You almost never hear about the most important thing in science.
In Cosmos’s final episode, Tyson put forth some simple rules for doing science: question authority, question yourself, don’t think something because you want it to be true, test ideas and follow the evidence where it leads rather than where you wish it to go, and always remember that you most likely are wrong.
This acknowledgement of ignorance is something that sets the process of science apart from other human endeavors. Richard Feynman defined it this way: “Science is the belief in the ignorance of experts.”
Yet many people think the opposite. A 2005 Washington Post article by Rick Weiss began:
There is something refreshing about scientists confessing their ignorance. Day after day, in research journals and at international meetings, they strut, cluck and boast about the latest enigma they’ve wrestled to the ground. The entire human genome mapped! The farthest star plotted! The mating habits of dinosaurs inferred from fossilized eggs! Ordinary folks can be excused for muttering, “Is there nothing these white-coated brainiacs don’t think they know?”
Weiss gets it completely backwards. Science is much more about asking the questions about what we don’t yet understand than boasting about what we’ve “wrestled to the ground.”
In Cosmos, Neil deGrasse Tyson used the example of dark matter to say that the term was only a “codeword for our ignorance” about the nature of the universe. Much is unknown, and much is incompletely known, and we often don’t know what we don’t know. Scientists just have to live with this. All conclusions are tentative and subject to revision if new data or theory contradicts previous understandings. Reality is just messy like that.
How different this is from other human endeavors, such as politics. You’ll never hear political leaders or talking heads admit they don’t know something, or need more time to come to a reasoned conclusion. That is simply not how discourse works in politics, the media, economics, or courtrooms, where saying you don’t know is often viewed as a sign of unacceptable weakness. Long ago, in another life when I worked retail, a manager once reprimanded me for saying “I don’t know” to a customer, insisting that I just make up an answer to close the sale (which is something to keep in mind next time you ask a sales clerk about a potential purchase).
In the world outside of science, ignorance and uncertainty are loathed. (If you crave certainty, there are plenty of groups eager to take your money.) But in the world of science, you have to adapt to pervasive uncertainty. When I teach introductory geology courses, I find myself saying, “I don’t know—in fact, no one knows,” almost every day in response to good questions from students. Just this week, a new paper in Nature Geoscience reported surprising experimental findings about how structures such as arches form (see above for a photograph of Delicate Arch). I’ve been asked by students many times about the formation of such features, and have always had to admit that there is great uncertainty among geologists about the exact mechanisms. Now, thanks to this research, we’re a step closer to giving better answers. That’s how science should work—by the admission of ignorance followed by investigation, rather than making up answers to gain or keep social status.

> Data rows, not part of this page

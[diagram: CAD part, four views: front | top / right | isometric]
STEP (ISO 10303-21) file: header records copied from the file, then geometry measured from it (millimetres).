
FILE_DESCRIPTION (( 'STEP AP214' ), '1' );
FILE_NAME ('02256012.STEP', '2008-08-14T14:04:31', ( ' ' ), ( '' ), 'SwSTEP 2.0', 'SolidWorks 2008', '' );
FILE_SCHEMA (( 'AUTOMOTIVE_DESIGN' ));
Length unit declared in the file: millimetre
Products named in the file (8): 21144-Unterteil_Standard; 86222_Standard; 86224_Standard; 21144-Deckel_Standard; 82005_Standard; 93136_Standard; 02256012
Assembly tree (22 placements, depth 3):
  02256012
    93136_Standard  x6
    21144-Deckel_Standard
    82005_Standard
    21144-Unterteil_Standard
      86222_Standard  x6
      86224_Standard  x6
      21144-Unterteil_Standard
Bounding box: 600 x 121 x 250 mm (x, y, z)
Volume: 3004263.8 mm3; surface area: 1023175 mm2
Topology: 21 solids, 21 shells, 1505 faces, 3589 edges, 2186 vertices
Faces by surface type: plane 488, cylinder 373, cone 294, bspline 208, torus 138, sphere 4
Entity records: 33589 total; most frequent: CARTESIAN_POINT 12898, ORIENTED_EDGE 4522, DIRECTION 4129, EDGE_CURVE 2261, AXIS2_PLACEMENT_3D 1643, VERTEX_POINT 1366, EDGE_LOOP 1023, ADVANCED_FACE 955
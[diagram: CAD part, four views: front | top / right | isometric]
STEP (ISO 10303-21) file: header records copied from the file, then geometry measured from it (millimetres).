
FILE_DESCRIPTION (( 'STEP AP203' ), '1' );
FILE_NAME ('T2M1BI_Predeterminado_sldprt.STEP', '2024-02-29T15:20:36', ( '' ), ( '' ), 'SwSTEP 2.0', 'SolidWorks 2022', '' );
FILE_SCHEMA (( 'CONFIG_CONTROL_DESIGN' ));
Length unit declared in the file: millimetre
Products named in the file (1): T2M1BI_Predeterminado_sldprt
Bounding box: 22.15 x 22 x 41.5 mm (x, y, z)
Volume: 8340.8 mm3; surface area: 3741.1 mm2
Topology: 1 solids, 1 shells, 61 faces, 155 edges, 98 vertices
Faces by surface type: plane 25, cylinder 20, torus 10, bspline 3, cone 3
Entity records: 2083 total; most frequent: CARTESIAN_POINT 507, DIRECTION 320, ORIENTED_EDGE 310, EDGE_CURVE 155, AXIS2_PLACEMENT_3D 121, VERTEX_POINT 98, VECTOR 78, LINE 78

Questioning our own certainty is also a step toward questioning the authority of others, which is why science can be challenging and provocative in its ability to “undermine fanaticism,” as Tyson put it. The very first episode of Cosmos told the story of Bruno, who wasn’t a scientist but who challenged authorities about many things, including the cosmological model of the day, and was burned at the stake for his trouble. (That Sacha Baron Cohen movie Brüno was pretty unfunny, but the punishment of burning at the stake seems a bit too far.) Many reacted grumpily to this first episode, interpreting it as an attack on religion without understanding the broader point: power is always threatened by new ideas, and as the Scientific Revolution unfolded, ideas backed by the developing process of science would prove disruptive.

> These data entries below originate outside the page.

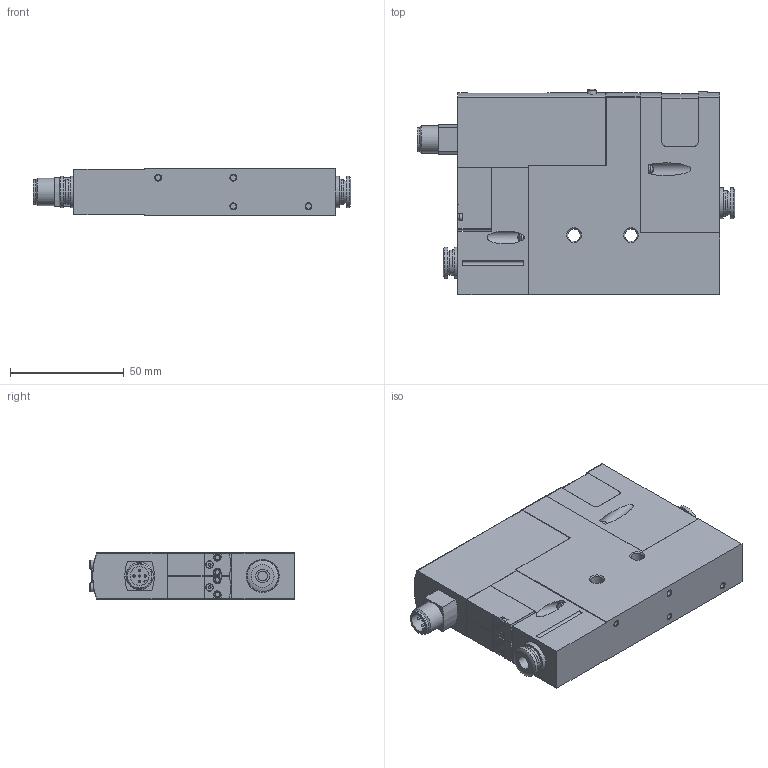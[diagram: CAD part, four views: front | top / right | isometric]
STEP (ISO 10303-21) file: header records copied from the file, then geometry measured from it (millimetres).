
FILE_DESCRIPTION(/* description */ ('STEP AP214'),/* implementation_level */ '2;1');
FILE_NAME(/* name */ '538831_OVEM-05-H-B-QO-CE-N-2P',/* time_stamp */ '2024-09-13T11:29:45+02:00',/* author */ ('License CC BY-ND 4.0'),/* organization */ ('CADENAS'),/* preprocessor_version */ 'ST-DEVELOPER v19.3',/* originating_system */ 'PARTsolutions',/* authorisation */ ' ');
FILE_SCHEMA (('AUTOMOTIVE_DESIGN {1 0 10303 214 3 1 1}'));
Length unit declared in the file: millimetre
Products named in the file (4): 538831 OVEM-05-H-B-QO-CE-N-2P; 538831 OVEM-05-H-B-QO-CE-N-2P_(QO_2P_CE_1)---(b); 172983 QSP14-6; 698321 05-SD
Assembly tree (4 placements, depth 2):
  538831 OVEM-05-H-B-QO-CE-N-2P
    538831 OVEM-05-H-B-QO-CE-N-2P_(QO_2P_CE_1)---(b)
    172983 QSP14-6  x2
    698321 05-SD
Bounding box: 139.3 x 90 x 20.5 mm (x, y, z)
Volume: 196056 mm3; surface area: 45863.6 mm2
Topology: 4 solids, 4 shells, 311 faces, 641 edges, 414 vertices
Faces by surface type: plane 154, cylinder 117, cone 23, torus 17
Full cylindrical faces by diameter (mm): 1 x5, 2.459 x4, 3 x4, 3.1 x2, 3.3 x2, 3.4 x2, 4 x4, 4.2 x2, 5.5 x2, 5.6 x3, 6 x2, 6.5 x1, 6.6 x1, 8.3 x1, 8.5 x1, 8.6 x4, 9.5 x1, 10 x2, 10.2 x2, 10.6 x1, 10.8 x4, 11 x4, 11.2 x2, 11.6 x1, 12 x5, 12.1 x2, 13.2 x1, 13.7 x4, 13.8 x2, 14 x3
Entity records: 8996 total; most frequent: DIRECTION 1306, CARTESIAN_POINT 1199, ORIENTED_EDGE 980, AXIS2_PLACEMENT_3D 536, EDGE_CURVE 490, EDGE_LOOP 456, FACE_BOUND 456, VERTEX_POINT 380
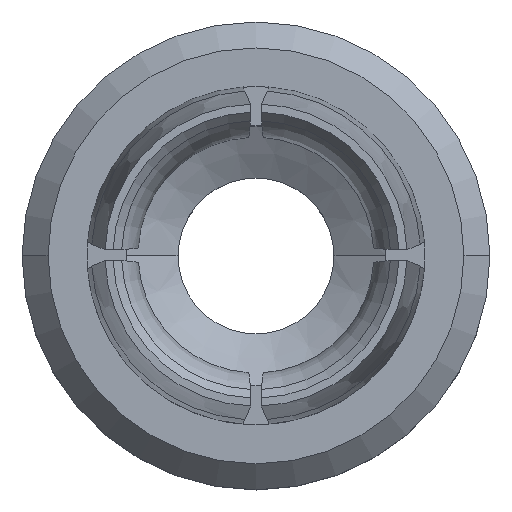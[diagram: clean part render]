
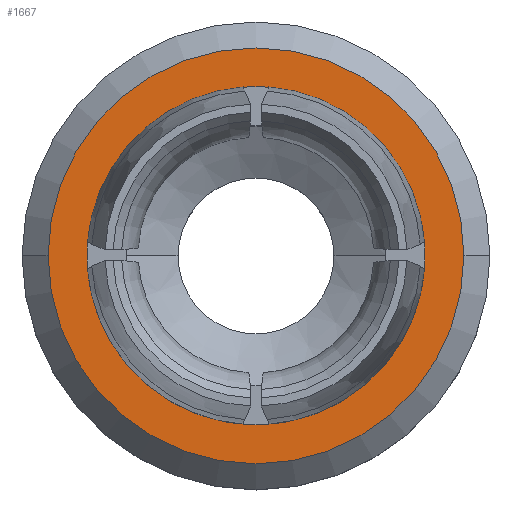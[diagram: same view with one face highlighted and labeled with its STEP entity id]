
A CAD part, top view. The second image highlights one B-rep face of the part: STEP entity #1667.
In plain terms, the highlighted planar face has unit normal (0, 0, 1).
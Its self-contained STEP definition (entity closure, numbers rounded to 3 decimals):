
#246=CARTESIAN_POINT('',(0.,0.,9.417));
#247=DIRECTION('',(0.,0.,1.));
#248=DIRECTION('',(1.,0.,0.));
#249=AXIS2_PLACEMENT_3D('',#246,#247,#248);
#259=CARTESIAN_POINT('',(0.,0.,9.417));
#260=DIRECTION('',(0.,0.,-1.));
#261=DIRECTION('',(1.,0.,0.));
#262=AXIS2_PLACEMENT_3D('',#259,#260,#261);
#264=CARTESIAN_POINT('',(0.,0.,9.417));
#265=DIRECTION('',(0.,0.,-1.));
#266=DIRECTION('',(1.,0.,0.));
#267=AXIS2_PLACEMENT_3D('',#264,#265,#266);
#269=CARTESIAN_POINT('',(0.,0.,9.417));
#270=DIRECTION('',(0.,0.,1.));
#271=DIRECTION('',(1.,0.,0.));
#272=AXIS2_PLACEMENT_3D('',#269,#270,#271);
#1134=CARTESIAN_POINT('',(8.,0.,9.417));
#1136=VERTEX_POINT('',#1134);
#1154=CARTESIAN_POINT('',(-8.,0.,9.417));
#1156=VERTEX_POINT('',#1154);
#1168=CARTESIAN_POINT('',(6.5,0.,9.417));
#1169=CARTESIAN_POINT('',(-6.5,0.,9.417));
#1170=VERTEX_POINT('',#1168);
#1171=VERTEX_POINT('',#1169);
#1652=CARTESIAN_POINT('',(0.,0.,9.417));
#1653=DIRECTION('',(0.,0.,1.));
#1654=DIRECTION('',(-1.,0.,0.));
#1655=AXIS2_PLACEMENT_3D('',#1652,#1653,#1654);
#1656=PLANE('',#1655);
#1657=ORIENTED_EDGE('',*,*,#1631,.F.);
#1658=ORIENTED_EDGE('',*,*,#1647,.T.);
#1659=EDGE_LOOP('',(#1657,#1658));
#1660=FACE_OUTER_BOUND('',#1659,.F.);
#1662=ORIENTED_EDGE('',*,*,#1661,.F.);
#1664=ORIENTED_EDGE('',*,*,#1663,.T.);
#1665=EDGE_LOOP('',(#1662,#1664));
#1666=FACE_BOUND('',#1665,.F.);
#1667=ADVANCED_FACE('',(#1660,#1666),#1656,.T.);
#250=CIRCLE('',#249,8.);
#263=CIRCLE('',#262,8.);
#268=CIRCLE('',#267,6.5);
#273=CIRCLE('',#272,6.5);
#1631=EDGE_CURVE('',#1136,#1156,#250,.T.);
#1647=EDGE_CURVE('',#1136,#1156,#263,.T.);
#1661=EDGE_CURVE('',#1170,#1171,#268,.T.);
#1663=EDGE_CURVE('',#1170,#1171,#273,.T.);

We saw this theme play out in other topics in Cosmos: the long-delayed acceptance of plate tectonics, the discovery of widespread lead pollution from gasoline, the dawning comprehension that humans are causing climate change. Indeed, acknowledgment of climate change is still fiercely resisted by well-funded groups who exploit the predilection of media to manufacture drama by presenting every issue as a partisan debate.

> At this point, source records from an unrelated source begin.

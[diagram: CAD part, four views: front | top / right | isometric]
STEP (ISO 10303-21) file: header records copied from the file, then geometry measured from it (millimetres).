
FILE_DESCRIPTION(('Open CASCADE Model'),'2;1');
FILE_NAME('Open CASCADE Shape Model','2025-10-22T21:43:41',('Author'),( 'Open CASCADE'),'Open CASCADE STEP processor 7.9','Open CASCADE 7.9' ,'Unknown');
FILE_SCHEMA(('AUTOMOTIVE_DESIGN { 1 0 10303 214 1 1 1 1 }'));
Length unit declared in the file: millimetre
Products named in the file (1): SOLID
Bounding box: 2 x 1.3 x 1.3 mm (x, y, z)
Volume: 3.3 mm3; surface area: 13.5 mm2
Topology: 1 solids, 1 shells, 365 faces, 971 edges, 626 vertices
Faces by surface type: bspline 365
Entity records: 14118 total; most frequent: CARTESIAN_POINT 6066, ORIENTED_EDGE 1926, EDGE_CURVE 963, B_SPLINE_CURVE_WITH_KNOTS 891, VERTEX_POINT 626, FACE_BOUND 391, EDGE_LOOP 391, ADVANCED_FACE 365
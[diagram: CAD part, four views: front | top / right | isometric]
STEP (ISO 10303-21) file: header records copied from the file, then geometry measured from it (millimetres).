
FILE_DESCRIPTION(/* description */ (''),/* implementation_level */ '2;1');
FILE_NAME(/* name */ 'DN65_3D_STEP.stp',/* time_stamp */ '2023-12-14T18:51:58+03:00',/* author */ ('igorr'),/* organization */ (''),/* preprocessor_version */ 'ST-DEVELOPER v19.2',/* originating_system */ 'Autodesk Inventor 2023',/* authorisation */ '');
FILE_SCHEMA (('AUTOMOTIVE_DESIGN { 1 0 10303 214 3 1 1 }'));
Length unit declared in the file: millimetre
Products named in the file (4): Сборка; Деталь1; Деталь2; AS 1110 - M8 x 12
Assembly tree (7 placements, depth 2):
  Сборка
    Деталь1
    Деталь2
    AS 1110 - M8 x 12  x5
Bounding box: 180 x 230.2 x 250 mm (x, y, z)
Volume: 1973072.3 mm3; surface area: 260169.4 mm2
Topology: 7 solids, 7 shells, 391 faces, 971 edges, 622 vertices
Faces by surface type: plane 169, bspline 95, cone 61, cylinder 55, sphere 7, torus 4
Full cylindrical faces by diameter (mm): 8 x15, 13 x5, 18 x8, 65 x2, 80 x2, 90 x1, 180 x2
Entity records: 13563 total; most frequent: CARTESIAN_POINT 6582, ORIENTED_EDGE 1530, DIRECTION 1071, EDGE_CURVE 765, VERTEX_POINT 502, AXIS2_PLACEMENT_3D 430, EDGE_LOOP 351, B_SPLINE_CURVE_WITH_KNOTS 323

In addition to portraying science as a process which assumes the ignorance of experts and which creates potent challenges to those in power, Tyson’s Cosmos also showed science as serendipitous, full of “that’s funny” moments when one avenue of research led to something completely unexpected. Joseph Fraunhofer did not set out to find a way to measure the atomic composition of distant stars when he examined lines in a spectrum of light, but that’s exactly what he accomplished. When Clair Patterson created the world’s first clean room, he wasn’t trying to research the harmfulness of lead; his intention was to discover the age of the Earth. He serendipitously did both.
It’s important to understand that science frequently advances in nonlinear, unexpected directions. Scientists don’t always know where a line of investigation will go, much less what “practical use” their discoveries might have. Sometimes there is concerted resistance to new ideas. And even the greatest scientific experts can get it wrong. These are all important lessons about the nature of science, and Cosmos did a great job conveying them to audiences. By showing not just the results, but the process—by showing science as an activity rather than a list of facts to be memorized—Cosmos allowed the public a much-needed look under the hood into science itself. This accomplishment may be the lasting legacy of Cosmos.